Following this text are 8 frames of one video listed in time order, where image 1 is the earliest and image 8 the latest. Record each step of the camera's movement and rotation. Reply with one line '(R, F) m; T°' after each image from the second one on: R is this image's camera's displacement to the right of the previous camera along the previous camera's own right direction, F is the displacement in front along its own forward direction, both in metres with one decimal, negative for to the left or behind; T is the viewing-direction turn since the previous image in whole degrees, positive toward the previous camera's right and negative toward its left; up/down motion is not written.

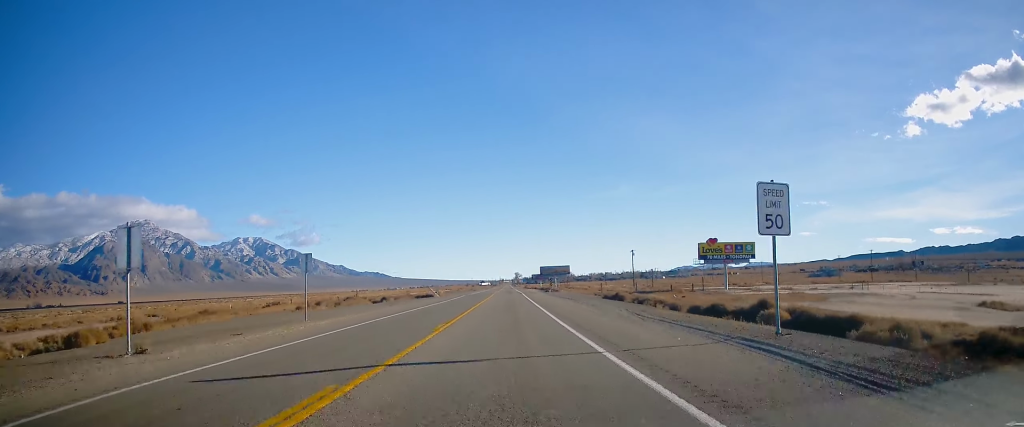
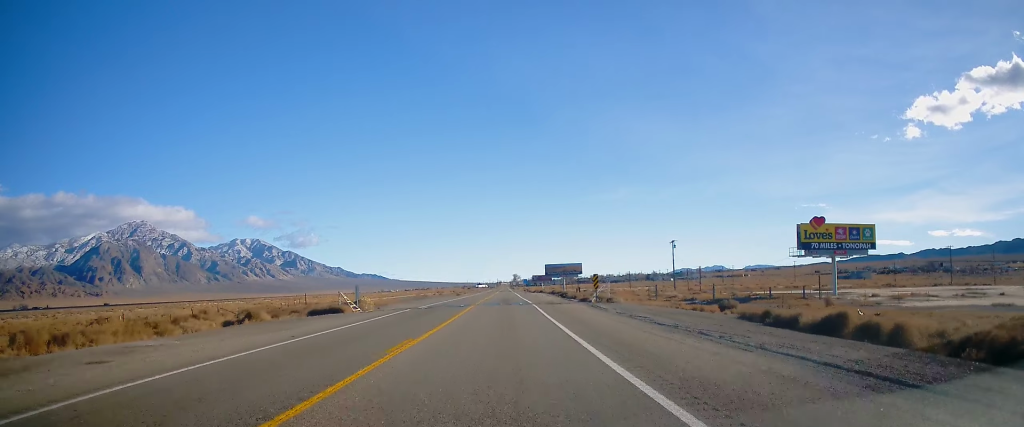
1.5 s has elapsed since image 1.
(-0.4, +42.3) m; 0°
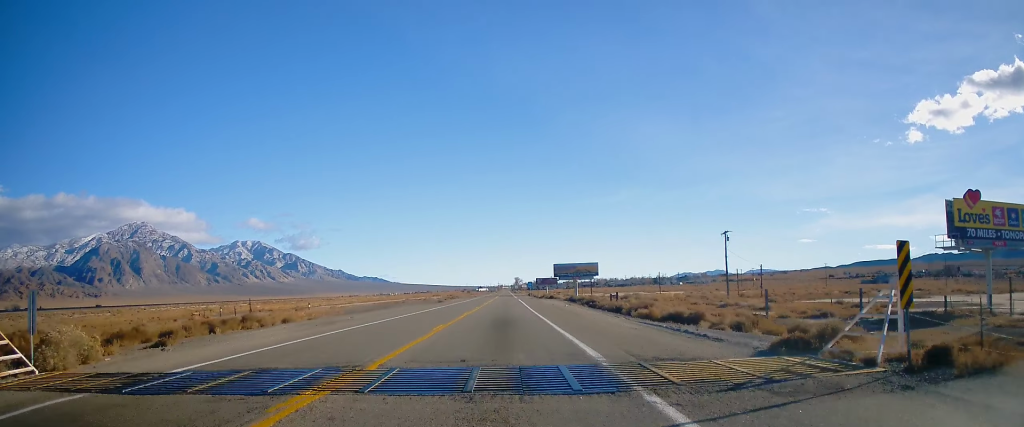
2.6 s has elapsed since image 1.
(+0.5, +29.6) m; 0°
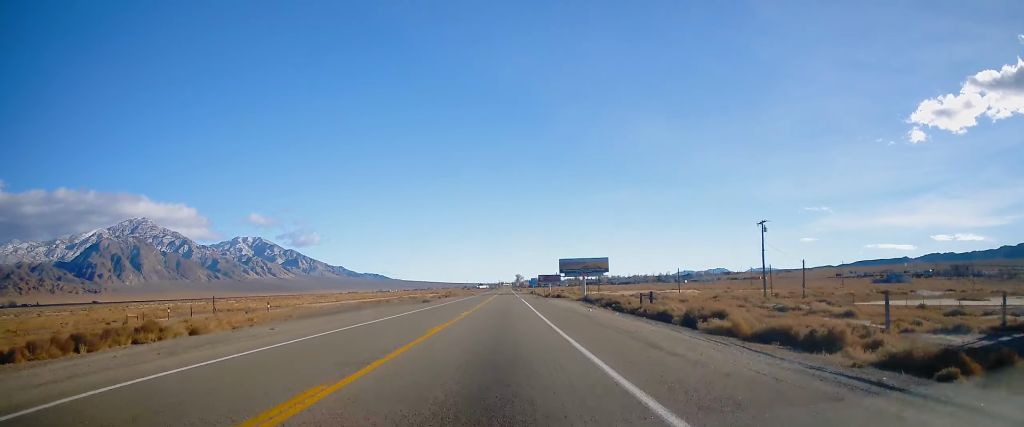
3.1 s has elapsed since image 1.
(-0.3, +13.5) m; 0°
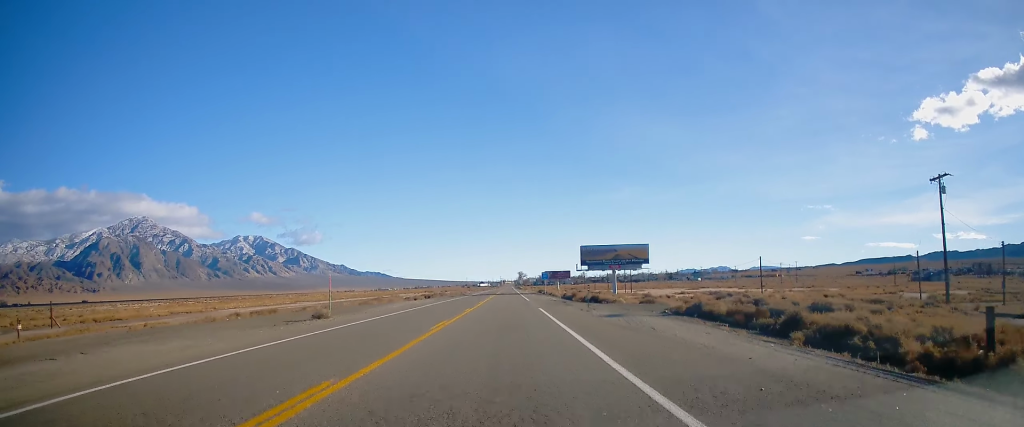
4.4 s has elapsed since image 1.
(+0.1, +36.5) m; +1°
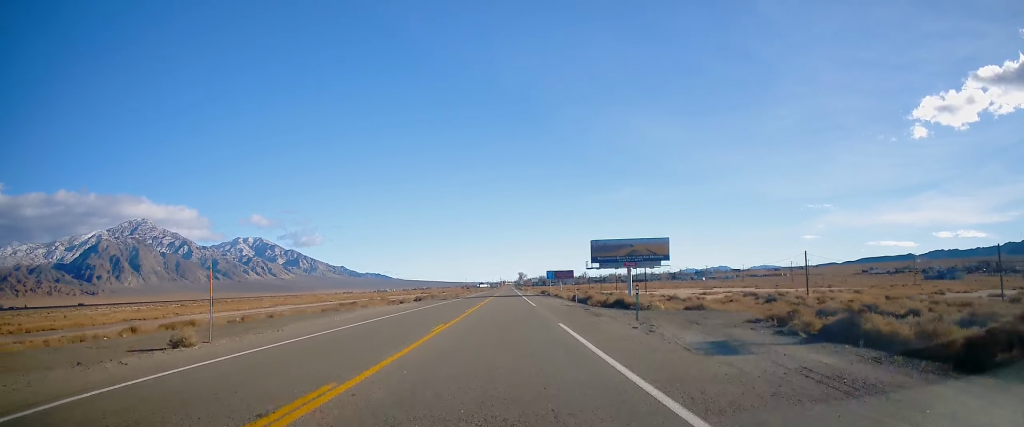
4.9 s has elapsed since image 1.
(+0.1, +12.3) m; -1°
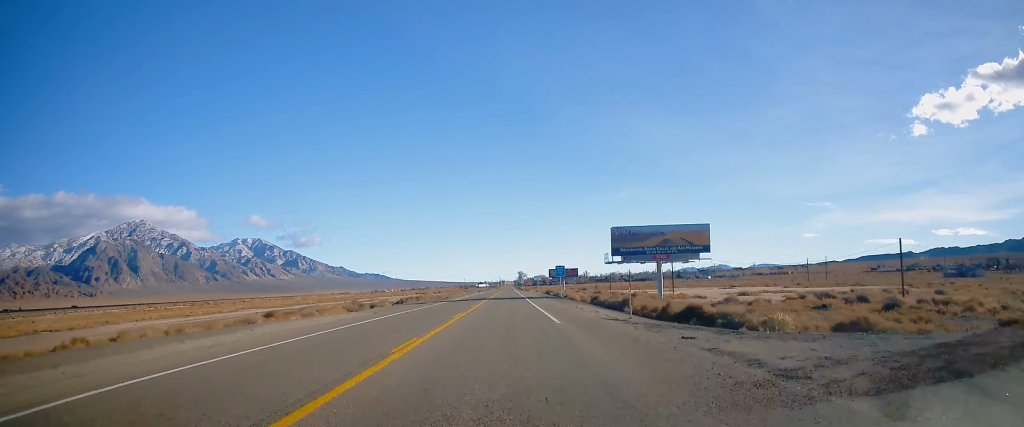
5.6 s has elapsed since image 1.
(0.0, +17.6) m; -1°
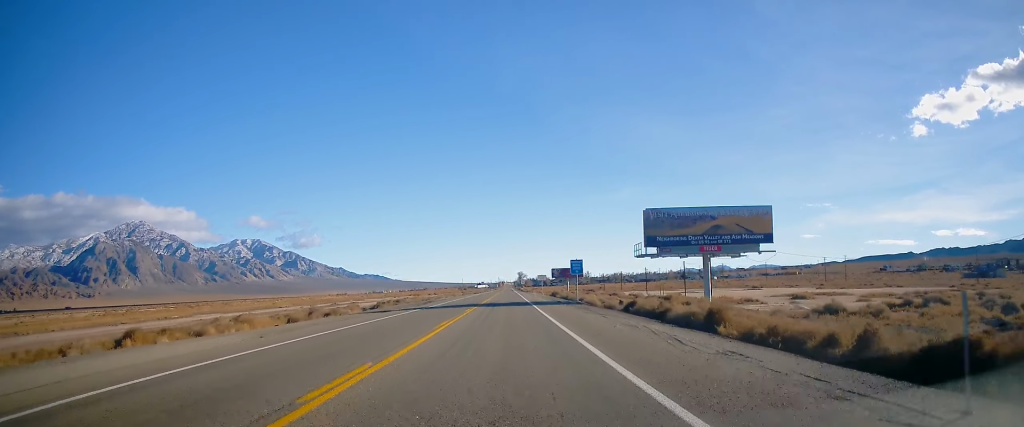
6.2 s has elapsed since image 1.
(-0.5, +16.8) m; 0°
+++
Starting with the line that holds "1.5 s has elapsed since image 1.", repeat exactly every line through the end of the material above, both ends included, without the pictures.

1.5 s has elapsed since image 1.
(-0.4, +42.3) m; 0°
2.6 s has elapsed since image 1.
(+0.5, +29.6) m; 0°
3.1 s has elapsed since image 1.
(-0.3, +13.5) m; 0°
4.4 s has elapsed since image 1.
(+0.1, +36.5) m; +1°
4.9 s has elapsed since image 1.
(+0.1, +12.3) m; -1°
5.6 s has elapsed since image 1.
(0.0, +17.6) m; -1°
6.2 s has elapsed since image 1.
(-0.5, +16.8) m; 0°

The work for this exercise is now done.